— Красный «127», он стоит пол миллиона...
Она вынула руки из воды, нервно вытерла о передник. Они не должны связываться ни с чем опасным и враждебным.
— Он нашел связанного человека.
— Это фантазии мальчика. Его мир.
— Он видел, как пришел молодой человек с пистолетом.
Она начала заикаться:
— Это не наше дело.
— Одень его.
Ее глаза были широко раскрыты, губы в страхе зашевелились. Она старалась оградить своего ребенка от опасности.
— Ты не можешь тащить его туда в темноте, даже если считаешь, что он видел все это.
— Достань его одежду и одень его.
Это был приказ, команда. Она не посмела противиться, шмыгнула в комнату ребенка за его дневной сменой одежды.

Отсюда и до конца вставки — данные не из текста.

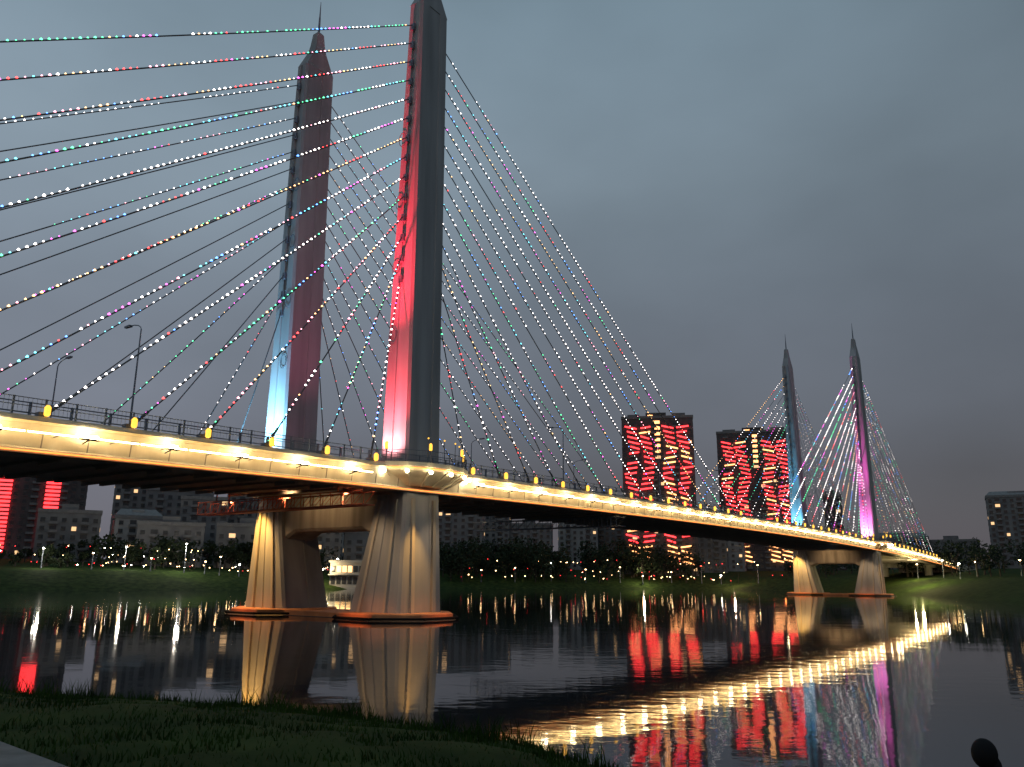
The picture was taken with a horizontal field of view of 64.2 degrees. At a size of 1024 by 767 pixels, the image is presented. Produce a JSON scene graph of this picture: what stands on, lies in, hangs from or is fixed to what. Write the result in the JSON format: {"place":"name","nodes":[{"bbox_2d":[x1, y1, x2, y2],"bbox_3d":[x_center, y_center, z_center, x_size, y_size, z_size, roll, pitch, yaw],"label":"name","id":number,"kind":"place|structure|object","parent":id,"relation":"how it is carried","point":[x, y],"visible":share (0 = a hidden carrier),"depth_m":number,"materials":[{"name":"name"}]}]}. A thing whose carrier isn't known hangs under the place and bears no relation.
{"place":"outdoors","nodes":[
{"label":"outdoors","id":0,"kind":"place"},
{"bbox_2d":[0,741,67,766],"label":"path","id":1,"kind":"structure","parent":0,"point":[11,756],"depth_m":6.69,"materials":[{"name":"concrete"}]},
{"bbox_2d":[0,589,1023,766],"bbox_3d":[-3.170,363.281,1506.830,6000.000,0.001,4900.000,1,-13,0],"label":"river water","id":2,"kind":"structure","parent":0,"point":[691,678],"depth_m":40.63,"materials":[{"name":"black liquid"}]},
{"bbox_2d":[0,559,1023,766],"bbox_3d":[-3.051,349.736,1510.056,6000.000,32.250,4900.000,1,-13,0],"label":"ground","id":3,"kind":"structure","parent":0,"point":[1007,587],"depth_m":10.32,"materials":[{"name":"green plant"}]},
{"bbox_2d":[0,477,87,558],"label":"residential tower","id":4,"kind":"structure","parent":3,"relation":"on","point":[23,500],"depth_m":341.12,"materials":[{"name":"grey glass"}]},
{"bbox_2d":[32,504,102,561],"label":"apartment building","id":5,"kind":"structure","parent":3,"relation":"on","point":[70,524],"depth_m":290.05,"materials":[{"name":"grey concrete"}]},
{"bbox_2d":[107,484,146,559],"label":"residential tower","id":6,"kind":"structure","parent":3,"relation":"on","point":[131,498],"depth_m":350.42,"materials":[{"name":"grey concrete"}]},
{"bbox_2d":[107,508,162,562],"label":"apartment building","id":7,"kind":"structure","parent":3,"relation":"on","point":[124,524],"depth_m":299.07,"materials":[{"name":"grey concrete"}]},
{"bbox_2d":[134,516,205,567],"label":"apartment building","id":8,"kind":"structure","parent":3,"relation":"on","point":[148,532],"depth_m":287.82,"materials":[{"name":"grey concrete"}]},
{"bbox_2d":[145,488,199,516],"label":"apartment building","id":9,"kind":"structure","parent":3,"relation":"on","point":[166,503],"depth_m":335.59,"materials":[{"name":"grey concrete"}]},
{"bbox_2d":[180,493,231,564],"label":"apartment building","id":10,"kind":"structure","parent":3,"relation":"on","point":[188,508],"depth_m":320.48,"materials":[{"name":"grey concrete"}]},
{"bbox_2d":[213,518,256,568],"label":"apartment building","id":11,"kind":"structure","parent":3,"relation":"on","point":[243,530],"depth_m":297.79,"materials":[{"name":"grey concrete"}]},
{"bbox_2d":[227,494,258,522],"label":"apartment building","id":12,"kind":"structure","parent":3,"relation":"on","point":[235,518],"depth_m":334.65,"materials":[{"name":"grey concrete"}]},
{"bbox_2d":[318,533,341,570],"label":"apartment building","id":13,"kind":"structure","parent":3,"relation":"on","point":[327,541],"depth_m":320.13,"materials":[{"name":"grey concrete"}]},
{"bbox_2d":[340,532,343,558],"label":"apartment building","id":14,"kind":"structure","parent":3,"relation":"on","point":[342,542],"depth_m":361.49,"materials":[{"name":"grey concrete"}]},
{"bbox_2d":[328,560,361,588],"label":"riverside pavilion","id":15,"kind":"structure","parent":3,"relation":"on","point":[344,574],"depth_m":280.40,"materials":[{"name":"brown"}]},
{"bbox_2d":[343,532,368,559],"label":"apartment building","id":16,"kind":"structure","parent":3,"relation":"on","point":[354,545],"depth_m":327.02,"materials":[{"name":"grey concrete"}]},
{"bbox_2d":[12,545,790,583],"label":"embankment light string","id":17,"kind":"object","parent":3,"relation":"on","point":[327,569],"visible":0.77,"depth_m":336.31,"materials":[{"name":"metal"}]},
{"bbox_2d":[439,511,484,571],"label":"apartment building","id":18,"kind":"structure","parent":3,"relation":"on","point":[454,527],"depth_m":388.50,"materials":[{"name":"grey concrete"}]},
{"bbox_2d":[0,0,974,620],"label":"cable stayed bridge","id":19,"kind":"structure","parent":3,"relation":"on","point":[304,490],"depth_m":93.70,"materials":[{"name":"concrete"}]},
{"bbox_2d":[50,356,72,417],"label":"street lamp","id":20,"kind":"object","parent":19,"relation":"on","point":[68,357],"visible":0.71,"depth_m":78.10,"materials":[{"name":"grey metal"}]},
{"bbox_2d":[124,325,141,423],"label":"street lamp","id":21,"kind":"object","parent":19,"relation":"on","point":[127,327],"visible":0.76,"depth_m":65.60,"materials":[{"name":"grey metal"}]},
{"bbox_2d":[471,438,484,466],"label":"street lamp","id":22,"kind":"object","parent":19,"relation":"on","point":[471,449],"visible":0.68,"depth_m":127.60,"materials":[{"name":"grey metal"}]},
{"bbox_2d":[548,427,563,487],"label":"street lamp","id":23,"kind":"object","parent":19,"relation":"on","point":[563,450],"visible":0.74,"depth_m":115.26,"materials":[{"name":"grey metal"}]},
{"bbox_2d":[645,451,660,500],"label":"street lamp","id":24,"kind":"object","parent":19,"relation":"on","point":[659,474],"visible":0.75,"depth_m":138.53,"materials":[{"name":"grey metal"}]},
{"bbox_2d":[715,470,729,513],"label":"street lamp","id":25,"kind":"object","parent":19,"relation":"on","point":[727,486],"visible":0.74,"depth_m":162.31,"materials":[{"name":"grey metal"}]},
{"bbox_2d":[767,484,780,521],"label":"street lamp","id":26,"kind":"object","parent":19,"relation":"on","point":[779,502],"visible":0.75,"depth_m":185.84,"materials":[{"name":"grey metal"}]},
{"bbox_2d":[485,516,511,569],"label":"apartment building","id":27,"kind":"structure","parent":3,"relation":"on","point":[490,536],"depth_m":427.23,"materials":[{"name":"grey concrete"}]},
{"bbox_2d":[0,532,1023,582],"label":"distant trees","id":28,"kind":"object","parent":3,"relation":"on","point":[516,555],"visible":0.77,"depth_m":339.71,"materials":[{"name":"green plant"}]},
{"bbox_2d":[510,519,552,569],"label":"apartment building","id":29,"kind":"structure","parent":3,"relation":"on","point":[545,535],"depth_m":427.27,"materials":[{"name":"grey concrete"}]},
{"bbox_2d":[558,523,597,569],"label":"apartment building","id":30,"kind":"structure","parent":3,"relation":"on","point":[574,537],"depth_m":456.21,"materials":[{"name":"grey concrete"}]},
{"bbox_2d":[598,527,623,569],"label":"apartment building","id":31,"kind":"structure","parent":3,"relation":"on","point":[607,536],"depth_m":466.45,"materials":[{"name":"grey concrete"}]},
{"bbox_2d":[621,412,698,575],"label":"residential tower","id":32,"kind":"structure","parent":3,"relation":"on","point":[638,475],"depth_m":412.51,"materials":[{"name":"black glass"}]},
{"bbox_2d":[698,538,727,572],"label":"apartment building","id":33,"kind":"structure","parent":3,"relation":"on","point":[713,553],"depth_m":434.32,"materials":[{"name":"grey concrete"}]},
{"bbox_2d":[727,541,746,570],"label":"apartment building","id":34,"kind":"structure","parent":3,"relation":"on","point":[736,560],"depth_m":453.50,"materials":[{"name":"grey concrete"}]},
{"bbox_2d":[716,427,792,570],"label":"residential tower","id":35,"kind":"structure","parent":3,"relation":"on","point":[764,560],"depth_m":471.81,"materials":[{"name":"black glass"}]},
{"bbox_2d":[822,490,846,570],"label":"residential tower","id":36,"kind":"structure","parent":3,"relation":"on","point":[830,498],"depth_m":460.53,"materials":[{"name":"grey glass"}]},
{"bbox_2d":[879,532,929,568],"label":"apartment building","id":37,"kind":"structure","parent":3,"relation":"on","point":[924,542],"depth_m":465.23,"materials":[{"name":"grey concrete"}]},
{"bbox_2d":[929,536,982,568],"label":"apartment building","id":38,"kind":"structure","parent":3,"relation":"on","point":[955,539],"depth_m":456.09,"materials":[{"name":"grey concrete"}]},
{"bbox_2d":[971,738,1001,766],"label":"round top post","id":39,"kind":"object","parent":3,"relation":"on","point":[984,752],"visible":1,"depth_m":3.68,"materials":[{"name":"metal"}]},
{"bbox_2d":[985,491,1023,568],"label":"residential tower","id":40,"kind":"structure","parent":3,"relation":"on","point":[1005,513],"depth_m":431.60,"materials":[{"name":"grey concrete"}]},
{"bbox_2d":[0,0,1023,566],"label":"sky","id":41,"kind":"structure","parent":0,"point":[730,180],"materials":[{"name":"grey"}]}
]}

Фермер достал в холле толстый свитер и дробовик, которым он пользовался, когда вместе с соседями ходил стрелять голубей и кроликов в воскресенье утром. С гвоздя, прибитого высоко над задней дверью, выходившей во двор, он снял фонарь в резиновом чехле.
Вдвоем они одели сына.
— Помнишь, мама, что сказал отец Альберти во время мессы после истории с Моро. Он сказал, что эти люди антихристы. Они отвергли даже просьбу Паоло Сесто, даже его обращение, когда он просил их пощадить жизнь Моро. Они враги церкви, эти люди, они враги всем нам. Помнишь, что сказал отец Альберти? По телевидению он сказал, что завтра утром они убьют иностранца. Мы должны идти, мама. Мы должны знать, что видел наш сын.
Они надели на мальчика рубашку, куртку и брюки прямо на пижамные штанишки, натянули на босые ноги сапоги. Руки матери были неуверенными и более медлительными, чем руки ее мужа.
— Будь осторожен, папа. Будь осторожен с ним.
Отец и сын вышли в ночь. Она следила за светом фонаря до тех пор, пока поворот дороги не скрыл его от нее, а потом села за стол в кухне и застонала в безмолвии.
* * *
Сначала выпили вино, потом пришла очередь портвейна, после того как Кэролайн Чарлзворт ушла спать. Трое мужчин сидели вокруг стола, и пепел их сигарет горкой лежал на их кофейных блюдцах.
Они уже исчерпали все темы, истоптали все старые изведанные тропы. Проблемы принципов и прагматизма были испробованы и выплюнуты. Дебаты о переговорах велись с гневом и злобой. А потом они пили бренди и это возымело свое действие. Атака Карпентера и защита Чарлзворта и атташе потонули в нем и рассыпались в прах. Теперь они отдыхали и только время от времени беседа возобновлялась. Джеффри Харрисон теперь уже не был главной темой их разговора. Они говорили о ставках подоходного налога, помощи церкви Патриотическому Фронту Родезии, загрязнении улиц Лондона. Это была жвачка, знакомая британцам за границей.